Но, увы, во многих из этих домов не было регулярного заработка месяцами, а в некоторых — годами. И если прививка не делалась бесплатно, то каким образом дети могли ее получить? Для многих из этих семей такая вещь, как домашний доктор, была немыслимой, давно забытой роскошью.
— Ну вот, теперь вам все объяснено, — говорила сестра отцам и матерям. — Но вы и сами должны проявить энергию. Доктора ведь не могут ходить по домам и разыскивать детей для иммунизации.
Сестра не объясняла им, что это было бы сочтено погоней за заработком и нарушением врачебной этики, согласно которой дети должны умирать, если родители слишком бедны или невежественны, чтобы пригласить врача на дом. Однако на сей раз сестры могли рассказать родителям кое-что и о новой системе. Родители в любое время могут обратиться к ближайшему доктору, и если у них нет даже на кусок хлеба, доктор все равно позаботится о том, чтобы ребенок получил нужную прививку.
Это напоминало немножко Пенсильванию, только здесь, в Детройте, доктора получали плату. Вознаграждение их было до смешного ничтожным. Однако в Детройте оказалось тысяча сто врачей, живших преимущественно частной практикой, которые дали согласие комиссару здравоохранения Вогэну принять участие в прививочной кампании. Сотни из них пошли на курсы по изучению пробы Шика и стали переключаться от выписывания пилюль и успокоительных разговоров у постели больного на охрану здоровья и сил подрастающего поколения. Дело шло. В 1929 году, последнем из так называемых годов «бума», только один младенец из десяти и один дошкольник из пяти имел противодифтерийную защиту.
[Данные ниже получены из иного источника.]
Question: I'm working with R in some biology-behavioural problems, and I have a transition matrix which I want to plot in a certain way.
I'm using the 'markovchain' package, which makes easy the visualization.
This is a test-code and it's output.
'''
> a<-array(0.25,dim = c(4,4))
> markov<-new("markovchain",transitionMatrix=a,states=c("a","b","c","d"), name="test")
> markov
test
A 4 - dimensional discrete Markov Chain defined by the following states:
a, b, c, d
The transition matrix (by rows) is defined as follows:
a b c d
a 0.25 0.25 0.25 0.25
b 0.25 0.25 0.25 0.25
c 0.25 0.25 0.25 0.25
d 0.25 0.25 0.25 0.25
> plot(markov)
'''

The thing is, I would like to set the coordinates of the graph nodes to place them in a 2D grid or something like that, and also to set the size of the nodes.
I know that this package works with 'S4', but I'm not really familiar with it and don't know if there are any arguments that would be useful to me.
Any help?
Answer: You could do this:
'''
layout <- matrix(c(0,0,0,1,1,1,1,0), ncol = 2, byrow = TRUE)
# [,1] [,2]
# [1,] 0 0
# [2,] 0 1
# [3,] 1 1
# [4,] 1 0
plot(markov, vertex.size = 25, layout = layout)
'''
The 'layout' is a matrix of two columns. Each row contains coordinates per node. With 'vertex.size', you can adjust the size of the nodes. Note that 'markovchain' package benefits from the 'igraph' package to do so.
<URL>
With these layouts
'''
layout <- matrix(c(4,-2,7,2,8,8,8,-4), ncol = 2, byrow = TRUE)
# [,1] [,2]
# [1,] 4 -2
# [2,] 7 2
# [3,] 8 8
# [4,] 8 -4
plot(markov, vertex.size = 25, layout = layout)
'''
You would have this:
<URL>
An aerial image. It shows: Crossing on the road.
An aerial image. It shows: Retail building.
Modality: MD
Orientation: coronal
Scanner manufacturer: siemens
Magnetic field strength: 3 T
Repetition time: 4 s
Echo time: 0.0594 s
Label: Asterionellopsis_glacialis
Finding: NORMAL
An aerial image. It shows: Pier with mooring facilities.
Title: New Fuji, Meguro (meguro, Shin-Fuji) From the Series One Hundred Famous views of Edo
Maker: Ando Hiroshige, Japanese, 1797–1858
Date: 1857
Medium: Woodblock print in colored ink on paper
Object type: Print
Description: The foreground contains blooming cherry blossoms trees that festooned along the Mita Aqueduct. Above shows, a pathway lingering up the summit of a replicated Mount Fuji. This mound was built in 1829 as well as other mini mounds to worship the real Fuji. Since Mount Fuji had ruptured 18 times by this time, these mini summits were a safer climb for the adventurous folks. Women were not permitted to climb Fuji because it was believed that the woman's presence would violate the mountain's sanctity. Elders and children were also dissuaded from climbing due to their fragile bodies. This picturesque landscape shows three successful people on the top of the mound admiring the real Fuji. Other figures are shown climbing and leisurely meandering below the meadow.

В нынешнем же году всего один на пять тысяч детройтских жителей скончался от дифтерии, и эти смертные случаи концентрировались, конечно, среди непривитого детского населения.
С тех пор, как психология твердолобой бабушки стала выколачиваться из родителей и из самих ребят, и из докторов, детройтские малыши получили сотни тысяч «уколов в руку», организованных в общественном порядке. Как всем нам уже известно, жизнь младенца-мальчика стоит девять тысяч долларов, а четыре тысячи — цена жизни мдаденца-девочки. Чтобы спасти жизнь или, извините, предупредить потерю сотни тысяч долларов на детройтских младенцах, которые без этого могли умереть, комиссар здравоохранения Вогэн платил детройтским докторам по пятьдесят центов за укол.
И ноябрь 1933 года был первым месяцем, — с тех пор, как началась статистическая регистрация смертности, с восьмидесятых годов прошлого столетия, — когда ни один ребенок в Детройте не умер от дифтерии.
Как выразился хирург Макс Пит, дешевле стоит спасти их, чем похоронить.
С началом экономического шторма загадочный денежный кризис принял такие невероятные размеры, что даже эта страшная, холодная, сугубо практическая экономика хирурга Пита была забыта. В целях экономии школьные врачи в Детройте широко увольнялись, и оставалось только с благоговением надеяться, что вольнопрактикующие врачи, сами достаточно стесненные в средствах, возьмут на себя эту работу бесплатно. А штат городского отдела здравоохранения, так славно работавший под блестящим руководством Генри Вогэна, был сокращен более чем на сто человек, опять-таки в целях экономии…
Это были времена, когда экономия стала, в буквальном смысле, убийственной. В Детройте в первые два месяца 1931 года от несчастных уличных случаев с автомобилями погибло восемнадцать человек днем и сорок семь — ночью. Население не переставало жаловаться на слишком высокие налоги, и поэтому с 1 января 1932 года из «соображений экономии», — которая, как нам уже известно, не учитывает таких понятий, как человеческая жизнь или человеческое счастье, — уличное освещение в Детройте было сокращено по всему городу. Это был правильный финансовый расчет. Это была разумная мера, которая вполне удовлетворила банкиров, озабоченных интересами детройтских вкладчиков.
В течение первых двух месяцев 1932 года в Детройте, при ограниченной возможности покупать газолин и талоны на горючее, число жертв дневных уличных несчастий сократилось до девяти.
Но в те же два месяца, — когда экономия, погрузившая улицы в полумрак, радовала займодержателей, владевших большей частью городского долга, — число жертв ночных происшествий против сорока восьми в первые два месяца прошлого года возросло до… шестидесяти восьми.
С 1 января 1933 года сила уличного освещения была восстановлена в прежних размерах.
И в первые два месяца 1933 года при дневной смертности, возросшей до прежней цифры — восемнадцать, ночная смертность снизилась с шестидесяти восьми до сорока пяти.